Determining the electric field intensity and the forces between charges is a fundamental aspect of electromagnetism. This article demonstrated a step-by-step approach to calculating the electric field at the midpoint between two point charges and the force on a third charge placed at that point. By applying Coulomb's law and the superposition principle, we were able to solve the problem and gain insights into the behavior of electric fields and forces. The concepts discussed are not only essential for academic understanding but also have significant practical implications in various technological applications. A thorough understanding of electrostatics is crucial for anyone studying physics, engineering, or related fields. Through problems like this, we reinforce the theoretical knowledge and enhance our ability to apply these concepts in practical scenarios.

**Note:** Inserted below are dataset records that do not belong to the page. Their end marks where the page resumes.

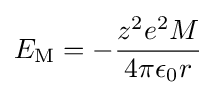
E_{\text{M}}=-{\frac {z^{2}e^{2}M}{4\pi \epsilon _{0}r}}
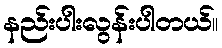
နည်းပါးလွန်းပါတယ်။
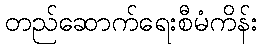
တည်ဆောက်ရေးစီမံကိန်း
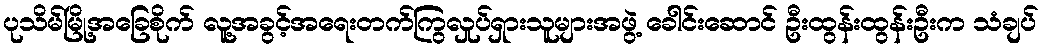
ပုသိမ်မြို့အခြေစိုက် လူ့အခွင့်အရေးတက်ကြွလှုပ်ရှားသူများအဖွဲ့ ခေါင်းဆောင် ဦးထွန်းထွန်းဦးက သံချပ်
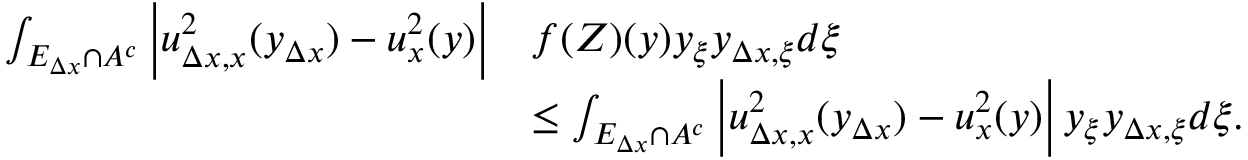
\begin{array} { r l } { \int _ { E _ { \Delta x } \cap A ^ { c } } \left| u _ { \Delta x , x } ^ { 2 } ( y _ { \Delta x } ) - u _ { x } ^ { 2 } ( y ) \right| } & { f ( Z ) ( y ) y _ { \xi } y _ { \Delta x , \xi } d \xi } \\ & { \leq \int _ { E _ { \Delta x } \cap A ^ { c } } \left| u _ { \Delta x , x } ^ { 2 } ( y _ { \Delta x } ) - u _ { x } ^ { 2 } ( y ) \right| y _ { \xi } y _ { \Delta x , \xi } d \xi . } \end{array}

The study of electric fields and forces is a cornerstone of electromagnetism, with far-reaching implications across science and technology. By mastering the fundamental principles and problem-solving techniques, we can unlock a deeper understanding of the physical world and contribute to advancements in various fields. This article serves as a guide to the practical application of these concepts, encouraging readers to explore further and delve into the fascinating realm of electromagnetics.